1921 The Moon-Bog

Weird Tales 1926.06
Written 1921.03, published in Weird Tales 1926.06.

Opening Statement:
     Somewhere, to what remote and fearsome region I know not, Denys Barry has gone. I was with him the last night he lived among men, and heard his screams when the thing came to him; but all the peasants and police in County Meath could never find him, or the others, though they searched long and far. And now I shudder when I hear the frogs piping in swamps, or see the moon in lonely places.
What in Brown Jenkin's Name..?
     When a developer begins to drain a notorious swamp in Ireland, dreams, madness and nefarious moonbeams ensue.
Synopsis:
     The narrator visits his friend Denys Barry in Kilderry, Ireland. Barry is planning to drain a swamp on his property, despite the locals' dismay. During the night the narrator has dreams of a pestilence falling across a city, and then the hills covering up the dead over the ages. The narrator wakes to sounds of flutes and sees the laborers dancing in a trance with ghostly figures. The next night a red light glares from the ruins next to the bog. The flutes and ghosts return and draw the laborers and servants into the bog, drowning them. Barry’s scream is heard. Outside the narrator encounters a horde of piping frogs, and then sees Barry’s struggling figure being drawn up into the sky on a moonbeam from the ruins.
Essential Saltes:
     The flutes piped horribly, and again I heard the beating of the drums from the direction of the island ruin. Then silently and gracefully the naiads reached the water and melted one by one into the ancient bog; while the line of followers, never checking their speed, splashed awkwardly after them and vanished amidst a tiny vortex of unwholesome bubbles which I could barely see in the scarlet light.
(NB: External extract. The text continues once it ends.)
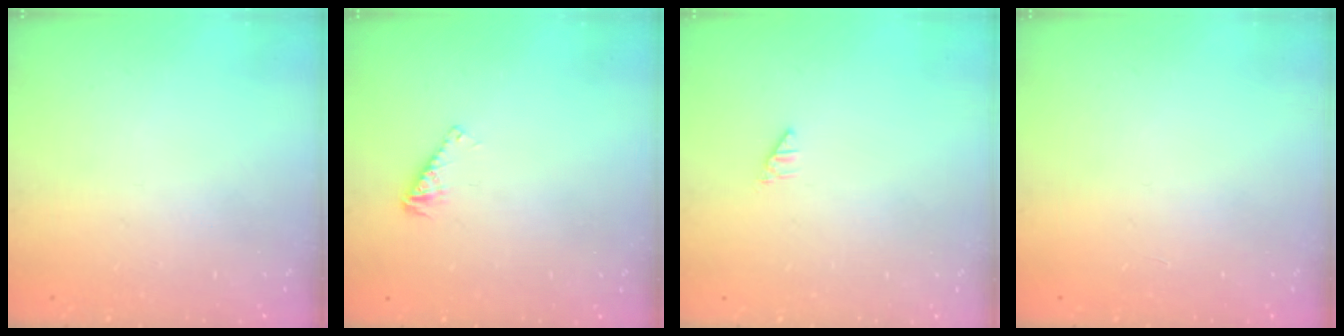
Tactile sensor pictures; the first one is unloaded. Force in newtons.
{"total": 3.5, "press": 3.4, "slide": 0.4}
{"total": 0.0}
{"total": 0.0}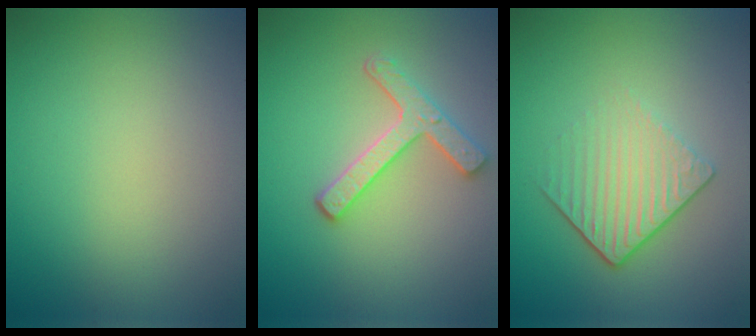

And as the last pathetic straggler, the fat cook, sank heavily out of sight in that sullen pool, the flutes and the drums grew silent, and the blinding red rays from the ruins snapped instantaneously out, leaving the village of doom lone and desolate in the wan beams of a new-risen moon...
     ...As I fled from that accursed castle along the bog’s edge I heard a new sound; common, yet unlike any I had heard before at Kilderry. The stagnant waters, lately quite devoid of animal life, now teemed with a horde of slimy enormous frogs which piped shrilly and incessantly in tones strangely out of keeping with their size. They glistened bloated and green in the moonbeams, and seemed to gaze up at the fount of light. I followed the gaze of one very fat and ugly frog, and saw the second of the things which drove my senses away....
From Dr. Armitage's Notes:

The Horrible Conclusion:
     ...Stretching directly from the strange olden ruin on the far islet to the waning moon, my eyes seemed to trace a beam of faint quivering radiance having no reflection in the waters of the bog. And upward along that pallid path my fevered fancy pictured a thin shadow slowly writhing; a vague contorted shadow struggling as if drawn by unseen daemons. Crazed as I was, I saw in that awful shadow a monstrous resemblance—a nauseous, unbelievable caricature—a blasphemous effigy of him who had been Denys Barry.
Read it here.

Follow'd by "The Outsider".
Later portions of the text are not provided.